Entre-temps, près de 200 personnes, arrivant par vagues successives, se retrouvent parquées dans un hangar au sol en terre battue, dans des conditions d’extrême précarité.
«Nous n’avons senti aucune compassion, aucune bienveillance»
, constate Cécile, contrainte de partager un lit et deux rations militaires avec son mari et ses quatre enfants. Comme les autres expatriés, elle ne tarit pas d’éloge en revanche sur les militaires français du camp MPoko, où elle atterrit ensuite avec sa famille, dernière étape avant l’aéroport :
«Pour la première fois, nous nous sentions accueillis, gérés, protégés»

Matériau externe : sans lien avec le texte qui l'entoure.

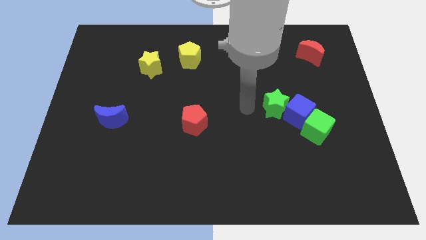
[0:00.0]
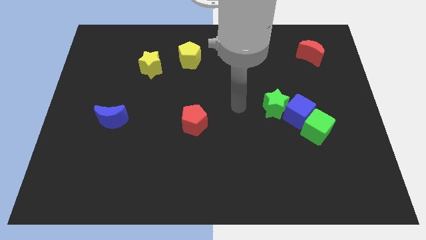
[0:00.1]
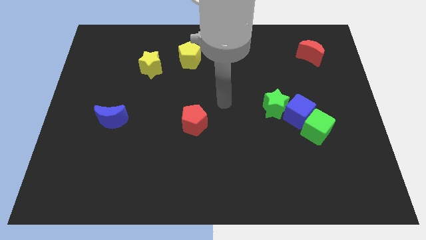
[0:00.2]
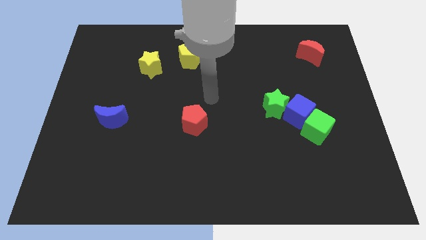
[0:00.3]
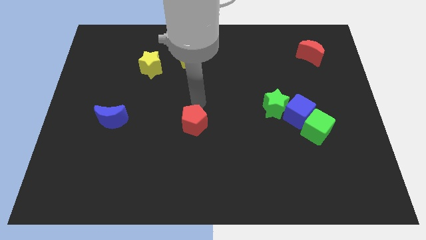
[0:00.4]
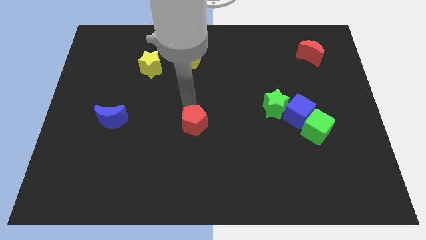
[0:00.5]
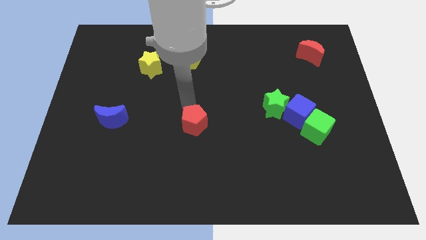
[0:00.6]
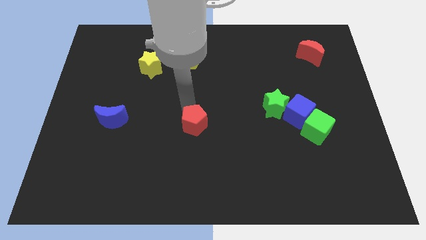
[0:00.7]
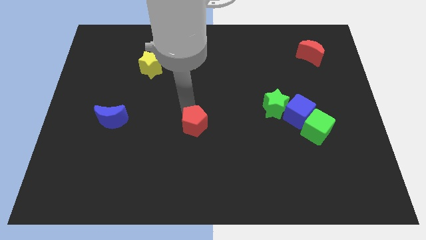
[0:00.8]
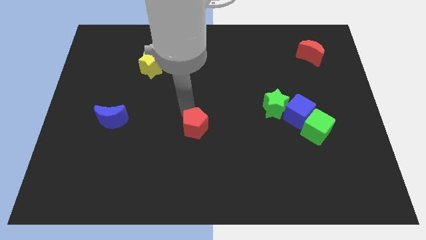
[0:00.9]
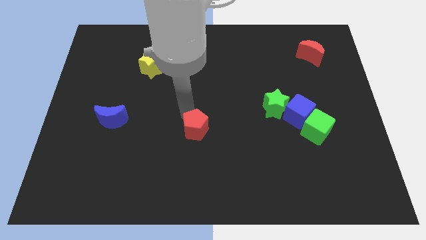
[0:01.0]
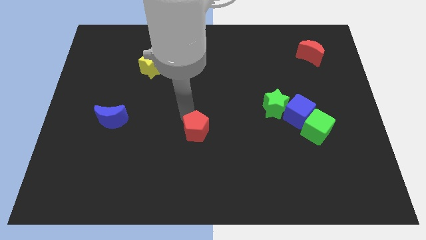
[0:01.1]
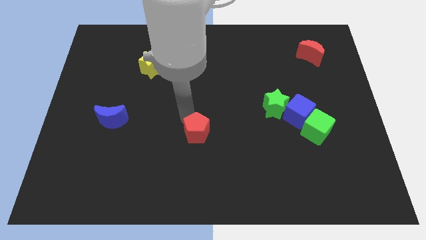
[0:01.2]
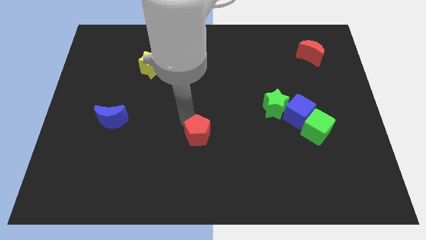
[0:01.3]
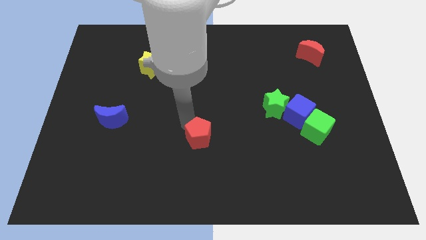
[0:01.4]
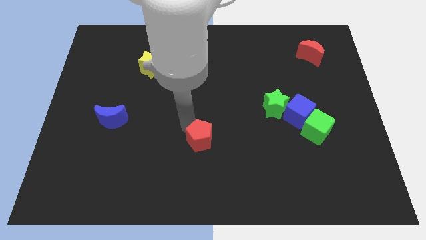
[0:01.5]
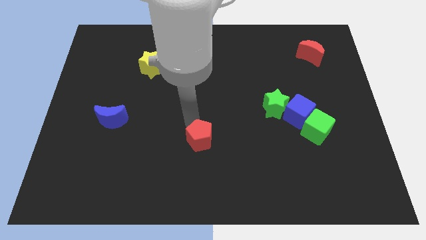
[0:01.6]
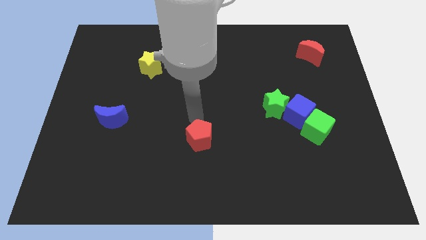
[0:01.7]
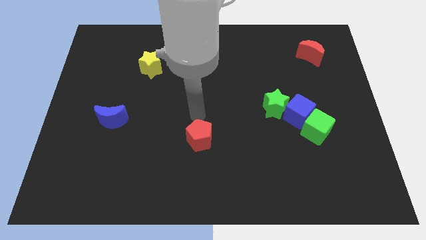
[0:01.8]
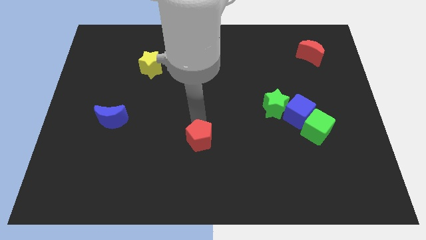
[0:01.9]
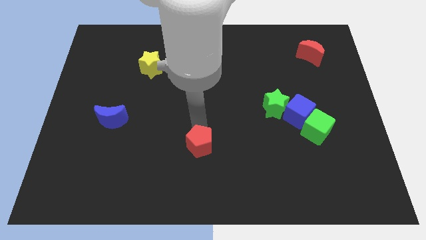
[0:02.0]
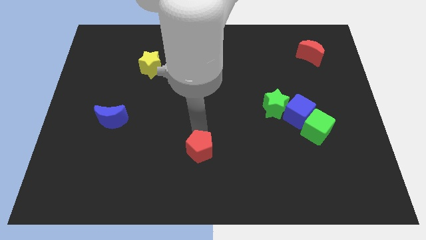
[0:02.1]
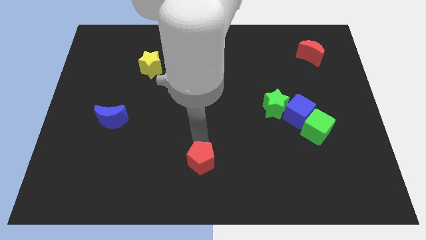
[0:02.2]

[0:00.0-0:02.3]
push the red pentagon to the bottom side

, souligne Isabelle, restée deux jours seule avec son bébé dans un appartement de Bangui, en dépit d’incessants appels au secours.
Jamais l’ambassade ne fera son mea culpa ni ne donnera d’explication sur cette curieuse gestion des ressortissants français, qui seront même traités de
«bobos tiers-mondistes»
par un responsable de l’ambassade dans un mail daté du 28 mars.
«Ces ressortissants français attendaient au moins une explication réparatrice»
, se désole la sénatrice Kalliopi Ango Ela. Le Quai d’Orsay n’a pas non plus souhaité réagir aux questions de Libération.